Height Increase Pages

Saturday, May 15, 2010

Grow Taller by increasing proliferation of mesenchymal stem cells?

The mesenchymal stem cells present in the red bone marrow in your epiphysis of your bones is a promising way of increasing height in your long bones.  It may be also possible to use MSCs to gain height in your short and irregular bones as after all they do draw bone marrow from your hip in bone marrow transplants.  The problem is of course that you may run out of Mesenchymal Stem Cells.  They are present in the body but there may not be enough of them.  To grow taller we want to maximize the amount of MSCs we have in our body.

Two ways of inducing stem cell proliferation are IGF-1 and Lithium.  IGF-1 is illegal and Lithium may be toxic to the kidneys(but in large quantities, even a small dose of Lithium should increase stem cell proliferation).  Of course load and strain has to have an impact:

[Response of bone marrow mesenchymal stem cells to mechanical stretch and gene expression of transforming growth factor-beta and insulin-like growth factor-II under mechanical strain]

"To study the response of rat bone marrow mesenchymal stem cells (MSCs) to a single period of mechanical strain and expression patterns of transforming growth factor-beta (TGF-beta) and insulin-like growth factor-II (IGF-II) after mechanical stretch. Bone marrow MSCs were isolated from SD rats and cultured in vitro. A four-point bending apparatus were used to perform a single period of mechanical strain (2000 microepsilon, 40 min) on MSCs. Cellular proliferation and alkaline phosphatase (ALP) activity of MSCs were examined and gene expression patterns of TGF-beta and IGF-II were detected by SYBR green quantitative real-time RT-PCR..  Cell proliferation, ALP activity and expression of TGF-beta and IGF-II were all significantly up-regulated in stretched MSCs when compared with their controls. The mRNA levels of TGF-beta and IGF-II got top increase immediately after mechanical loading and increased about 51.44 and 8.92 folds, respectively, when compared with control cells. Expression of TGF-beta and IGF-II decreased with time and returned to control level at 12 h after mechanical stimulus, despite of a small increase at 6 h. The mechanical stretch can promote MSCs proliferation, up-regulate its ALP activity and induce a time-dependent expression increase of TGF-beta and IGF-II which in turn result in osteogenic differentiation of MSCs.
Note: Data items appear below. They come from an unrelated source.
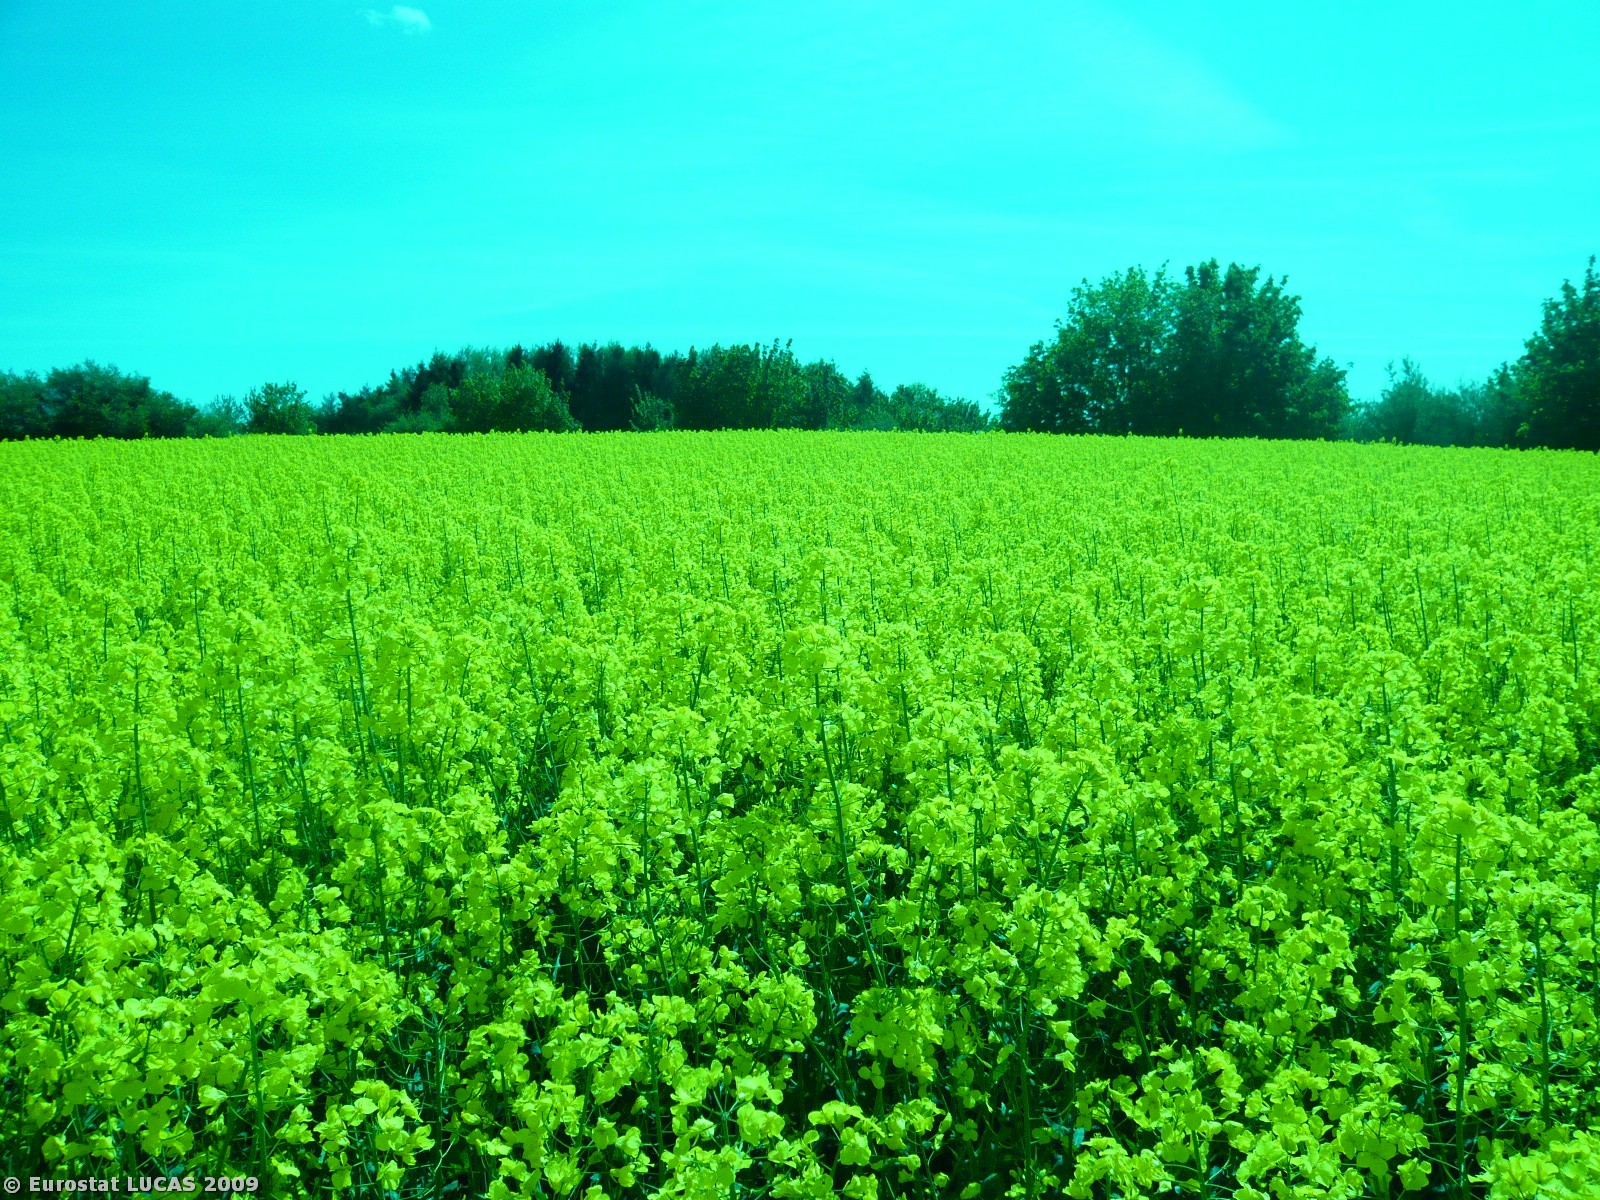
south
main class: Cropland
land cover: Rape and turnip rape
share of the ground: > 75 %
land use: Agriculture (excluding fallow land and kitchen gardens)
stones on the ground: < 10 %
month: May
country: DK
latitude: 55.0037
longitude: 11.9842

Mechanical stimulus is a key stimulator for osteogenic differentiation of MSCs and vital for bone formation in distraction osteogenesis."
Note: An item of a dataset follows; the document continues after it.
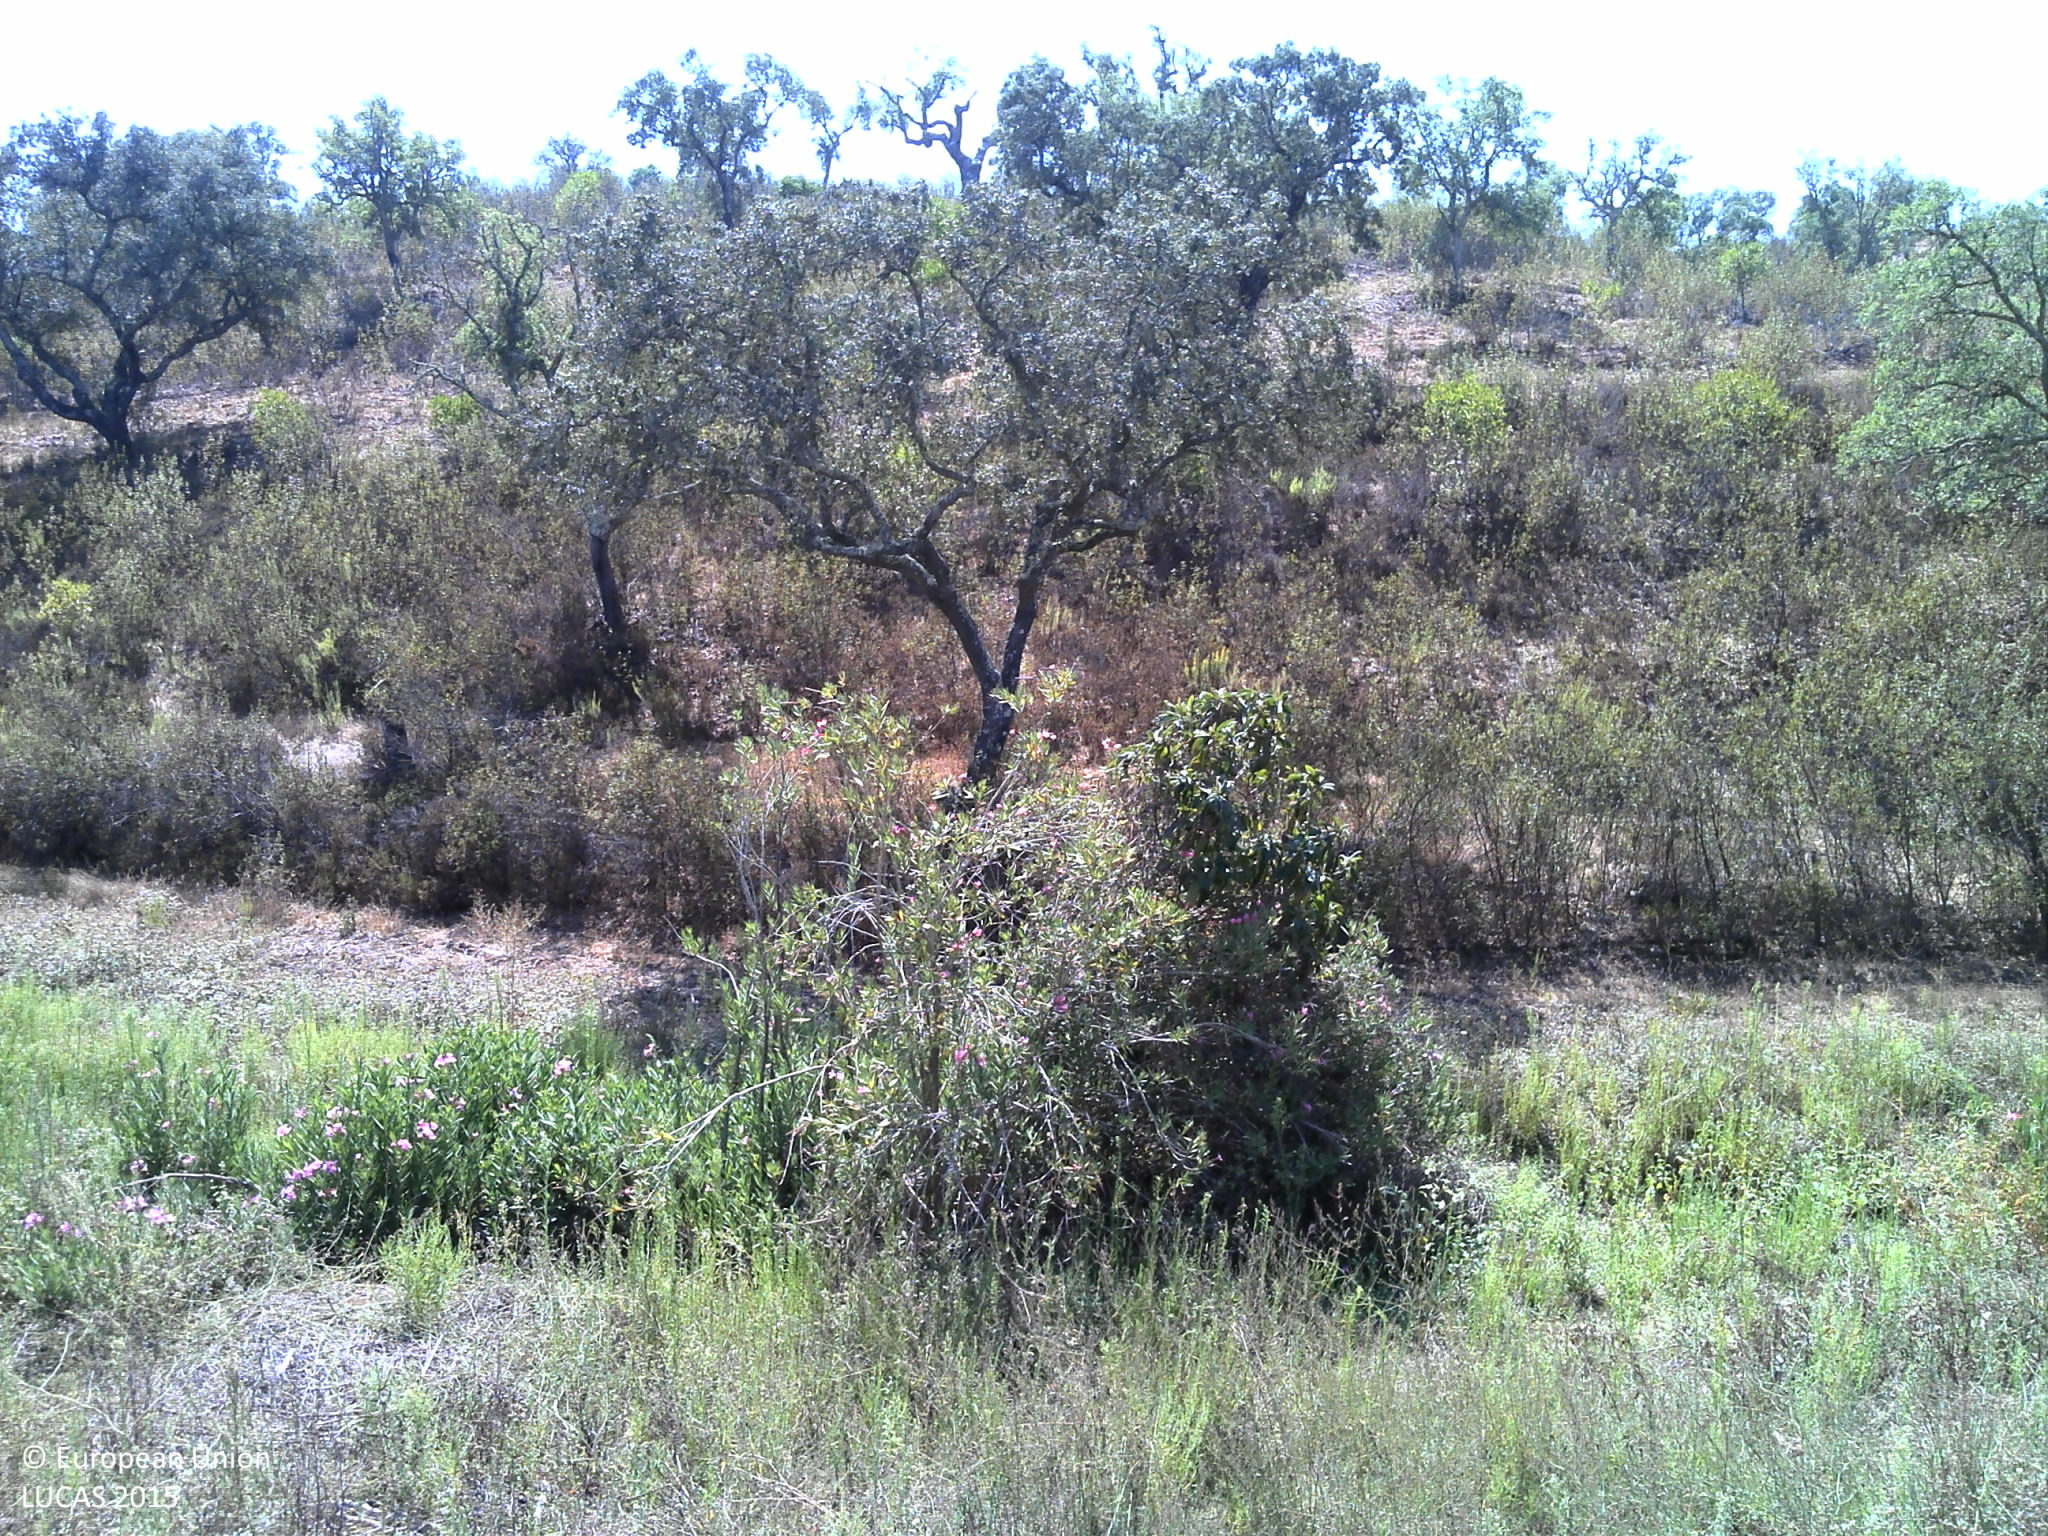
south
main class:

Of course, how do we actually physically stretch the mesenchymal stem cells?  The MSCs are in the bone marrow which are in the trabecular bone in the epiphysis.  Although, a compression force like lateral synovial joint loading puts a mechanical strain on the trabecular bone which should in turn put a strain on the mesenchymal stem cells within the bone marrow.  The preference for MSCs to osteogenically differentiate shouldn't matter except in as mentioned in the study in distraction osteogenesis where new bone needs to be formed in the gap.  You definitely would not want your MSCs to differentiate into fat cells!  In the hyaline cartilage growth plate line you want them to differentiate into chondrocytes.

 Autocrine BMP4 signaling involves effect of cholesterol myristate on proliferation of mesenchymal stem cells.

 "Cholesterol myristate in traditional Chinese medicine (TCM) is the active compound that increases proliferation of mesenchymal stem cell (MSCs).  Reverse transcription-PCR, Western blot and ELISA analysis show that cholesterol myristate increases the release of bone morphogenetic protein 4 (BMP4) from MSCs and the expression in the intracellular levels of BMP4 in a time- and dose dependent manner. However, structurally related steroids such as cholesterol and cholesten presented in TCM, both lack of the myristate, did not affect the secretion and expression of BMP4 on MSCs. These finds suggest that myristate is essential for the effects of cholesterol myristate. Furthermore, cholesterol myristate significantly increase BMPRIB levels of MSCs and the number of BMPRIB positive cells in a time- and dose dependent manner, but not BMPR IA or BMPR II. Our results indicate that action of cholesterol myristate may activate the BMP4-BMPRIB autocrine. Moreover, a blocking antibody against BMP4 or the BMP4 antagonist, noggin, partially reduced the effects of cholesterol myristate on MSCs proliferation. Autocrine BMP4 signaling involves effect of cholesterol myristate on MSCs proliferation."

Unfortunately, I could only find cholesterol myristate available in China.  Bone morphogenic protein-2 also increases proliferation of mesenchymal stem cells but that's not really something you can buy in the store.  Connective tissue growth factor could also enhance proliferation of mesenchymal stem cells and it's possible that by dynamic compressive loading of the connective tissue LSJL could enhance expression of this growth factor.  Low Magnitude Mechanical Signals also increased bone marrow stem cells but I'm not sure what that is(Mechanical stimulation of mesenchymal stem cell proliferation and differentiation promotes osteogenesis while preventing dietary-induced obesity).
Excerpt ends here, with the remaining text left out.